Even though Belgium is a small country, there is plenty to do there. We have all heard about Brussels and Bruges, and maybe some of you have even explored more and visited the cities of Ghent and Antwerp, but here are five cities you probably haven't heard of.
Aalst is a city located about 19 miles (30 km) from Brussels in the west of Flanders. The city is most famous for its carnival festivities. Every year in February during three days (and nights) events are on to celebrate carnival including a massive street parade with floats and people dressed up in colorful costumes. If you are not a fan of carnival, you can still visit and admire the 15th century belfry, which is the oldest in Belgium and has a carillon with 52 beautiful bells.
Tongeren, located in the southeastern corner of the Flemish region, is the oldest town in Belgium. This is because Tongeren was actually the administrative center under Roman rule. You will find several historic buildings in this city, for example the majestic Tongeren Basilica (or Onze-Lieve-Vrouw Basiliek) built in the 13th century and the Béguinage, founded in 1257 which is listed as a UNESCO World Heritage Site. Make a stop at the statue of Ambiorix, a Belgian national hero because of his resistance against Julius Caesar.
Located conveniently about an hour's drive from Brussels airport and close to the German and Dutch border, this is one of my favorite cities in Belgium. With Cologne only an hour and a half away and Amsterdam 2-hours away, this is a good hub to visit multiple countries on one trip. The center of Hasselt is mostly car-free making it enjoyable to walk around in and explore. The Grote Markt, the central market square, is the place to sit back, relax at one of the many restaurants and people watch. Fashionita's will not be disappointed as there are plenty of shops and boutiques in which you can while away the afternoon. Or visit the Modemuseum, where you can see exhibitions of fashion from the past, now and even predictions for the future.
Only half an hour from Brussels you will find a gem that is often overlooked. The city of Leuven, a vibrant university city, has probably one of the most detailed city halls you will ever see. There is plenty of history to be discovered such as Saint Peter`s Church, which is the oldest church in Leuven or the Grand Beguinage, a well preserved and completely restored historical quarter of the city. From all that walking around you will get thirsty, but not to worry as you will be spoiled for choice at the Oude Markt, also called the longest bar in Europe.

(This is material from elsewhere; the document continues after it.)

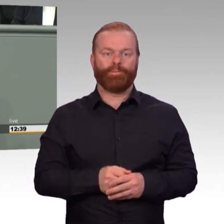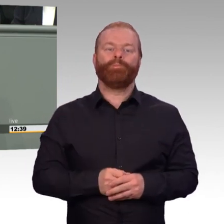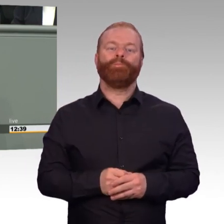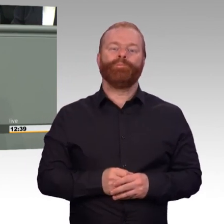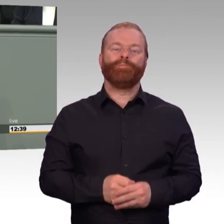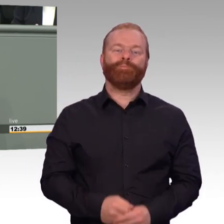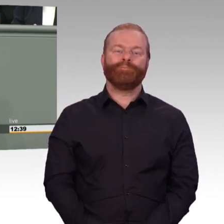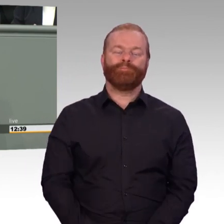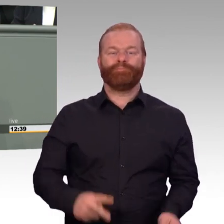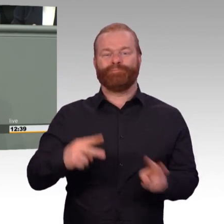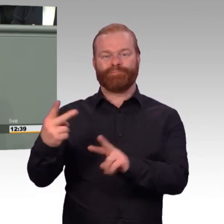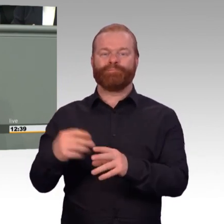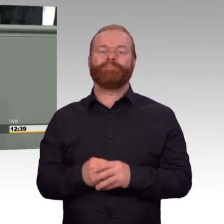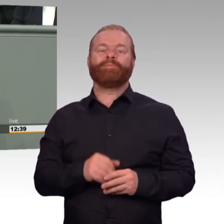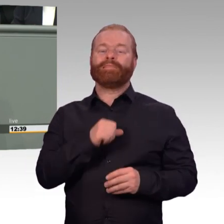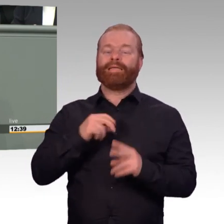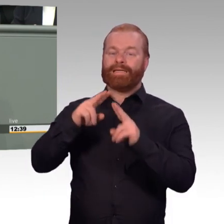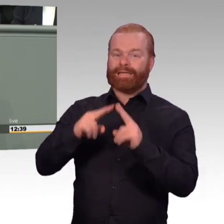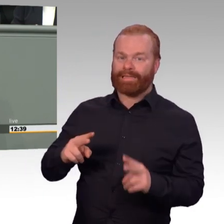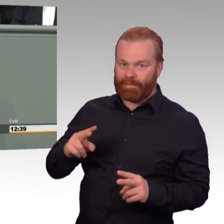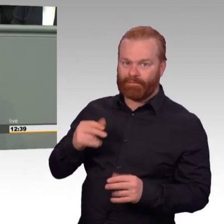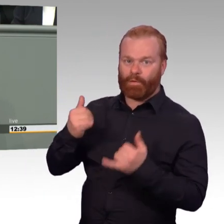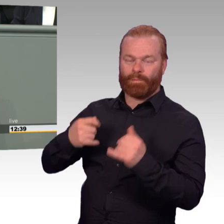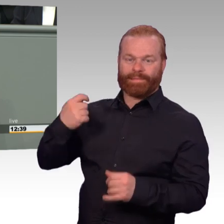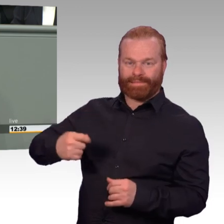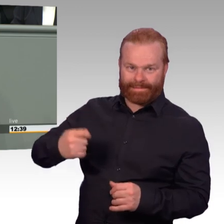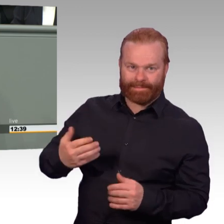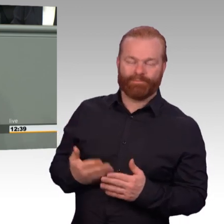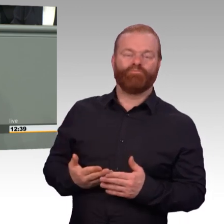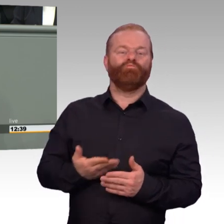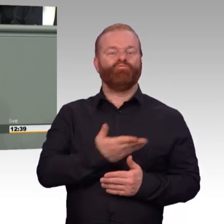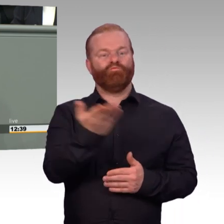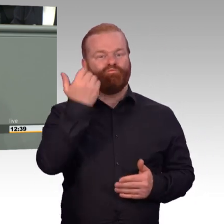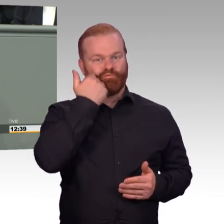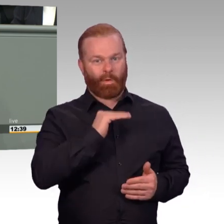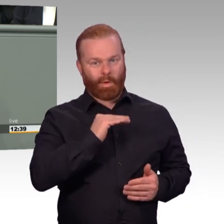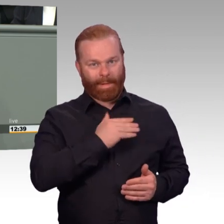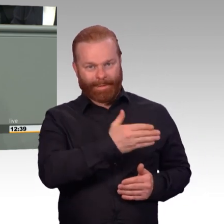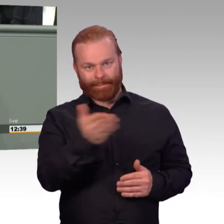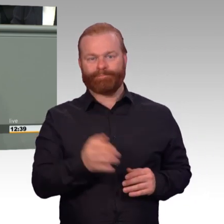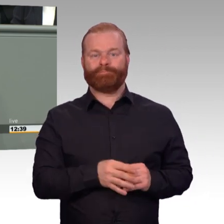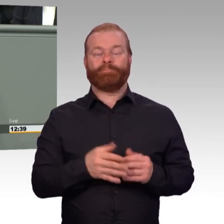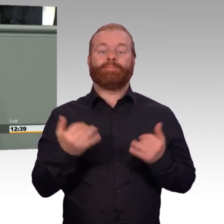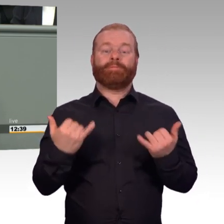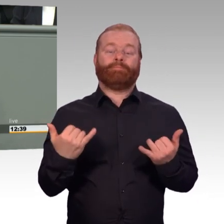und rund 53.000 Berufssoldatinnen und -soldaten garantieren derzeit die Sicherheit unseres Landes nach außen.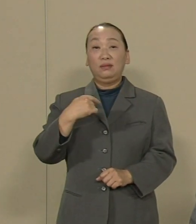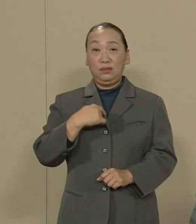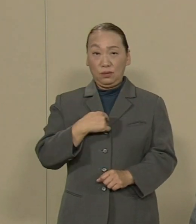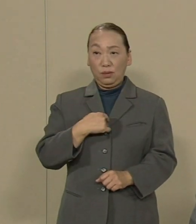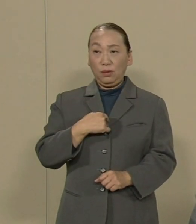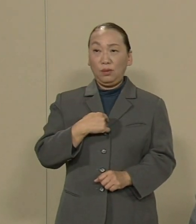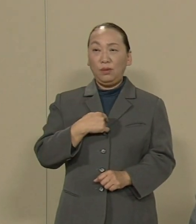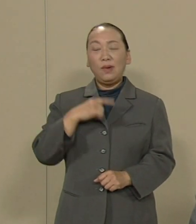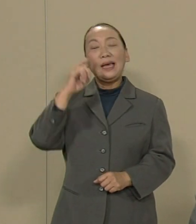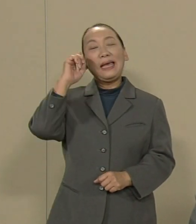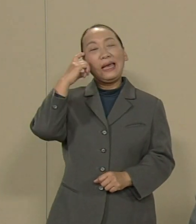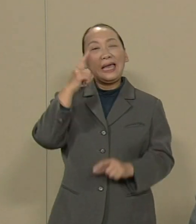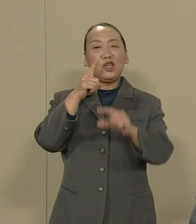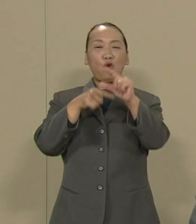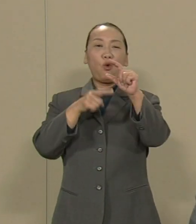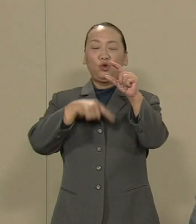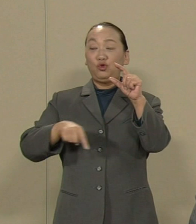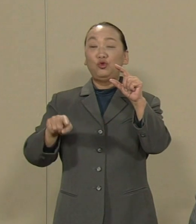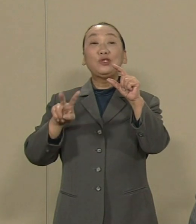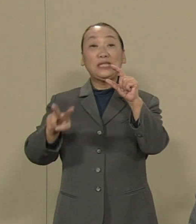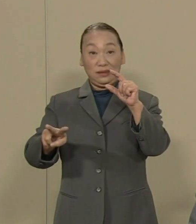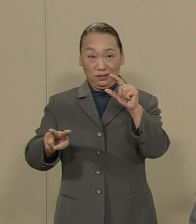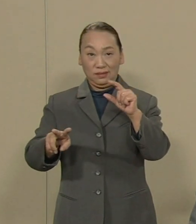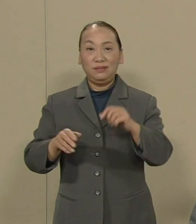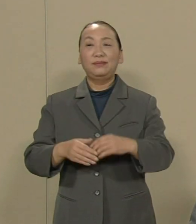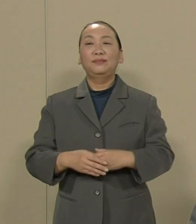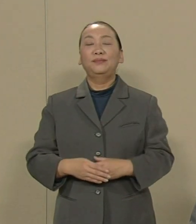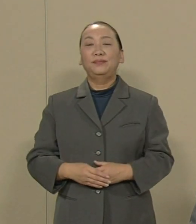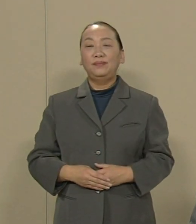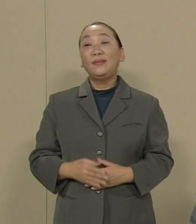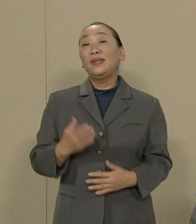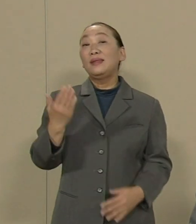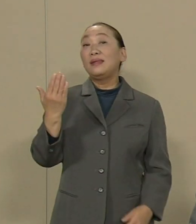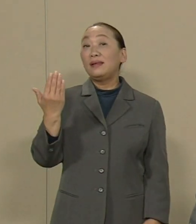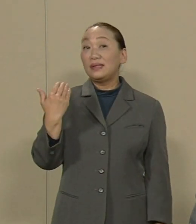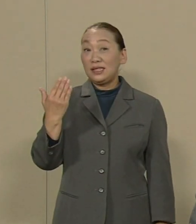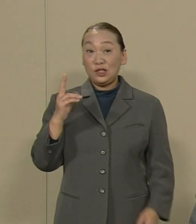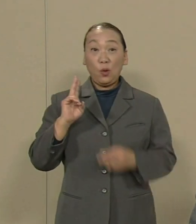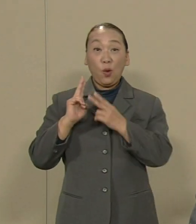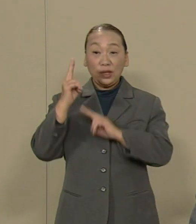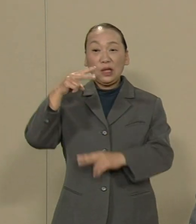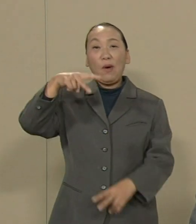考えの中心です 先日の名護の市長選では

Namur, located in southern Belgium, is the capital of Wallonia, the French-speaking part of Belgium and is just an hour from Brussels. Here you will be able to have a sample of history, shopping and nature. The main landmark is the citadel, a fortress in the city originally from the Roman era, but one that has been rebuilt a few times since. Namur is rich in boutiques to shop till your hearts content as well, adding a modern edge to your visit. If you are a nature lover, Namur is a logical stop to visit the Ardennes, a region of forests and rolling hills.
Which city would you visit first on your grand tour of Belgium?